Booher points out that Aristotle's concepts work equally well today, particularly when the modern political arena provides "evidence of persuasive tactics at work. ... Appealing to emotions: 'Let me tell you about a man I met in Dallas who's out of work and has no health-care insurance.' Appealing to reason, a candidate might argue, 'Here are the plain and simple facts, folks.' Appealing to character: 'I voted my conscience. I believe it's the right thing for America.'"


Litigation lawyer Paul M. Sandler, writing on legal ethos in the March 31, 2003, edition of the Baltimore Business Journal, states that the Power of persuasion is at the tip of your tongue. Again citing Artistotle, Sandler says "One of the most significant factors in any argument -- which Aristotle called the most potent -- is ethos ... [which is] the character of the advocate as perceived by the listener."

"Ethos," he continues, "concerns the persuasive effect of the speaker's perceived qualities. Aristotle identified the integrity of the speaker as a key component of ethos. ... When you create the impression that you are a person of honesty and integrity, you will have a considerable advantage over someone who is perceived otherwise. ... Research shows that if an audience is informed that the speaker has ulterior selfish motives, the speaker's persuasive ability is diminished. The audience doubts the speaker can be trusted."

Sandler recommends:

  • "Speak about truth and fairness."
  • "Speak expressly in terms of the truth of what happened and the fair and just resolution of the dispute. By speaking of truth and fairness as shared values, you reinforce in your listener's mind your own adherence to these values."
  • "Be honest. For purposes of persuasion, it is the perception of integrity that matters. It is possible to create that perception without a basis in fact, but doing so is much harder and more uncertain."
  • "Admit unfavorable facts. When you are forthcoming about problems or weaknesses, ...you enhance ... credibility."
  • "Demonstrate your sense of fair play."
  • "Avoid taking extreme positions."
  • "Avoid asserting facts that your listener is unlikely to believe. If a listener thinks you are speaking falsely about any fact, your credibility will be undermined and your ability to persuade your listener about other facts or about the inferences to be drawn will be compromised. Even if you are convinced of its truth, a statement is better omitted if your listener is not likely to believe it."

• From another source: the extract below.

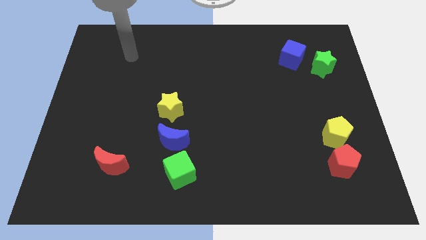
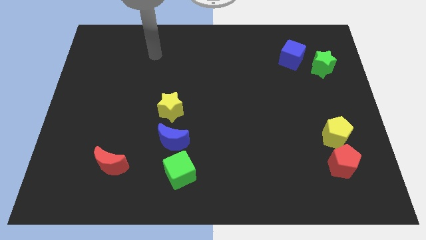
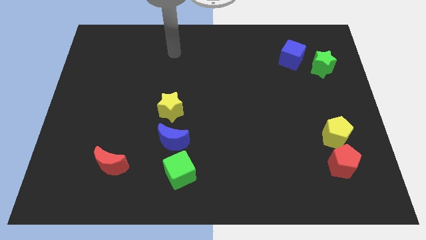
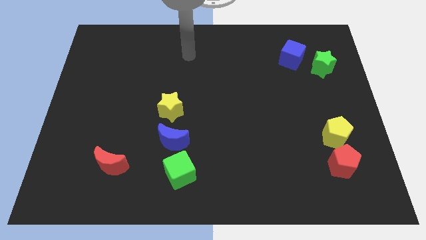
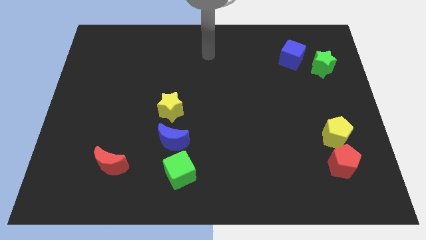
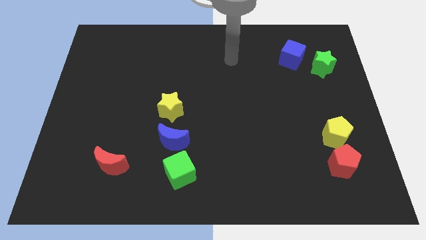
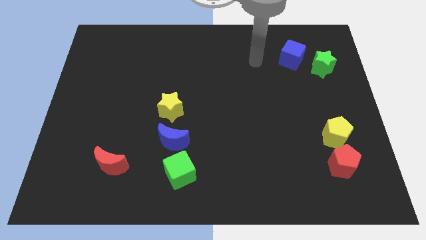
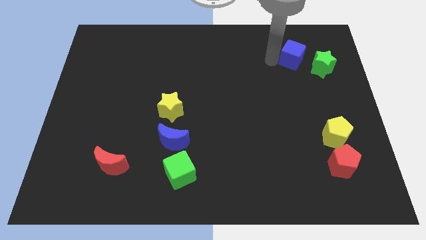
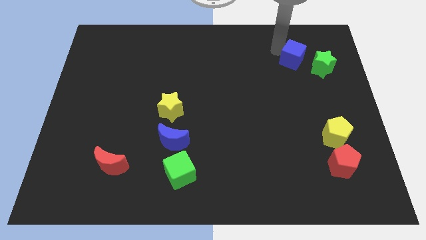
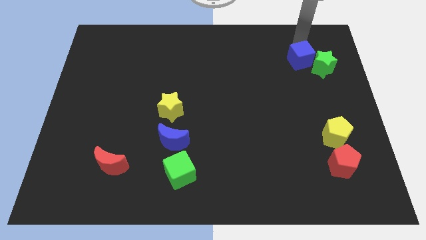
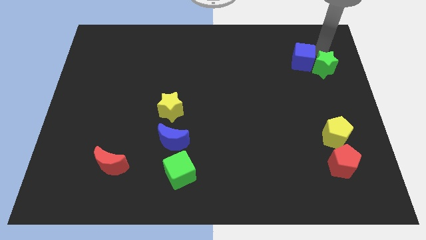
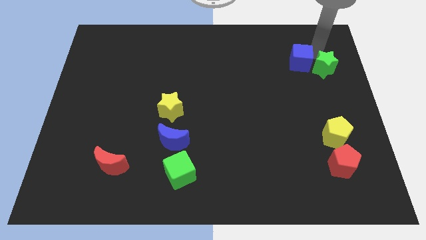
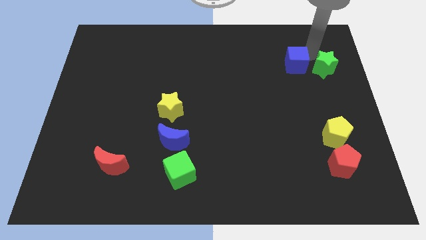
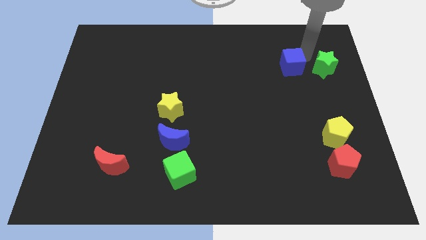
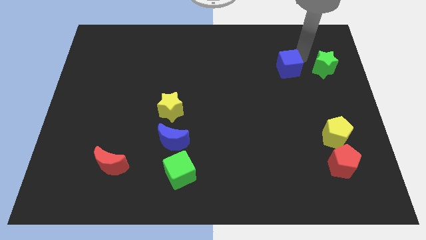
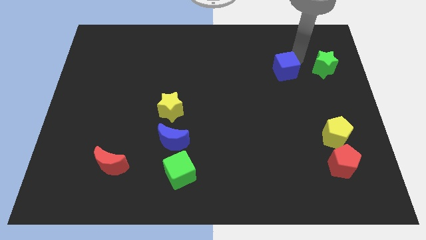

The Psychology of Marketing: The Power of Persuasion:

"The most effective persuaders are the least obvious. And they know how to get under your skin because the rules of persuasion are similar, regardless of who is doing the selling or what they're pitching.

"Research shows that three characteristics are related to persuasiveness:

  • Perceived authority
  • Honesty
  • Likeability

"When someone has any or all of these characteristics, we're not only more likely to agree to that person's request, we're more willing to do so without carefully considering all the facts. That's because these characteristics lead us to assume we're on safe ground. That means we're happy to shortcut the tedious process of informed decision-making. As a result, we're more susceptible to messages and requests, regardless of their particular content."


According to Carmine Baffa, the "creator of Human Performance Engineering, the concepts of communication and persuasion cannot be separated, as "they are one and the same from the point that you can not communicate with another person without at the same time influencing that person." However, "if you are going to be influencing that person, ... it would be MORE respectful if you knew exactly in what direction your influence was leading a person. The opposite would be when you were not willing to take responsibility for your communication."

Baffa says that, to build a "more successful model" for persuasion, it is necessary that all "parts" are working together:

  • Attitude at the level of conviction.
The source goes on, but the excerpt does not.